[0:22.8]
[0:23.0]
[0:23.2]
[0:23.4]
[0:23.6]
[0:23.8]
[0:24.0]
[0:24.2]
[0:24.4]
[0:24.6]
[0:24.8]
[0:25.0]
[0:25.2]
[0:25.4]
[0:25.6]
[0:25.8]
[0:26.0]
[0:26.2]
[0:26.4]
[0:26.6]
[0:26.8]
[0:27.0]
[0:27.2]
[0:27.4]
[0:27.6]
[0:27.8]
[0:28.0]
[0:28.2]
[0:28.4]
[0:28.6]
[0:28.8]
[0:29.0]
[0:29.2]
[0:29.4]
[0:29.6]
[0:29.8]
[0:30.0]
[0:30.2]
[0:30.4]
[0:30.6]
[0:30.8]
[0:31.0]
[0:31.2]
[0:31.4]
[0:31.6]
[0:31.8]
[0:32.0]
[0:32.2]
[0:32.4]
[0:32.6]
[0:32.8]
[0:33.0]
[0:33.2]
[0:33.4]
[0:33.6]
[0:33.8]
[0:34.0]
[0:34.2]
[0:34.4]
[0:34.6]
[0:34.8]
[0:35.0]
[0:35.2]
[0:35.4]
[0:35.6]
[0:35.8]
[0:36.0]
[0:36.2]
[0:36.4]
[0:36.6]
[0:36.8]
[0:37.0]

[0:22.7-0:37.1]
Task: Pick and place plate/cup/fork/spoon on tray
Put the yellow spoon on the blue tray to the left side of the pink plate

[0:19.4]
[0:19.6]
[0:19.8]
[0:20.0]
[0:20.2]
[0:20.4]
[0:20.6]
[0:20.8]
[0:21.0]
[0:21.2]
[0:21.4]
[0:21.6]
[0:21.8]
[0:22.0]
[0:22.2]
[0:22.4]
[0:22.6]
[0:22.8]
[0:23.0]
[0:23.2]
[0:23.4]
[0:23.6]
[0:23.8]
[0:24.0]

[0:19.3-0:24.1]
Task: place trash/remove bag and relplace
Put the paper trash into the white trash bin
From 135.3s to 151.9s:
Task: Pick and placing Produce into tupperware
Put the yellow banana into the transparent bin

────────────────────────────────────────

- **What you need to do**: From the listing above, extract every line exactly as it stands.

- **Answer to this task**:
[0:22.8]
[0:23.0]
[0:23.2]
[0:23.4]
[0:23.6]
[0:23.8]
[0:24.0]
[0:24.2]
[0:24.4]
[0:24.6]
[0:24.8]
[0:25.0]
[0:25.2]
[0:25.4]
[0:25.6]
[0:25.8]
[0:26.0]
[0:26.2]
[0:26.4]
[0:26.6]
[0:26.8]
[0:27.0]
[0:27.2]
[0:27.4]
[0:27.6]
[0:27.8]
[0:28.0]
[0:28.2]
[0:28.4]
[0:28.6]
[0:28.8]
[0:29.0]
[0:29.2]
[0:29.4]
[0:29.6]
[0:29.8]
[0:30.0]
[0:30.2]
[0:30.4]
[0:30.6]
[0:30.8]
[0:31.0]
[0:31.2]
[0:31.4]
[0:31.6]
[0:31.8]
[0:32.0]
[0:32.2]
[0:32.4]
[0:32.6]
[0:32.8]
[0:33.0]
[0:33.2]
[0:33.4]
[0:33.6]
[0:33.8]
[0:34.0]
[0:34.2]
[0:34.4]
[0:34.6]
[0:34.8]
[0:35.0]
[0:35.2]
[0:35.4]
[0:35.6]
[0:35.8]
[0:36.0]
[0:36.2]
[0:36.4]
[0:36.6]
[0:36.8]
[0:37.0]

[0:22.7-0:37.1]
Task: Pick and place plate/cup/fork/spoon on tray
Put the yellow spoon on the blue tray to the left side of the pink plate

[0:19.4]
[0:19.6]
[0:19.8]
[0:20.0]
[0:20.2]
[0:20.4]
[0:20.6]
[0:20.8]
[0:21.0]
[0:21.2]
[0:21.4]
[0:21.6]
[0:21.8]
[0:22.0]
[0:22.2]
[0:22.4]
[0:22.6]
[0:22.8]
[0:23.0]
[0:23.2]
[0:23.4]
[0:23.6]
[0:23.8]
[0:24.0]

[0:19.3-0:24.1]
Task: place trash/remove bag and relplace
Put the paper trash into the white trash bin
From 135.3s to 151.9s:
Task: Pick and placing Produce into tupperware
Put the yellow banana into the transparent bin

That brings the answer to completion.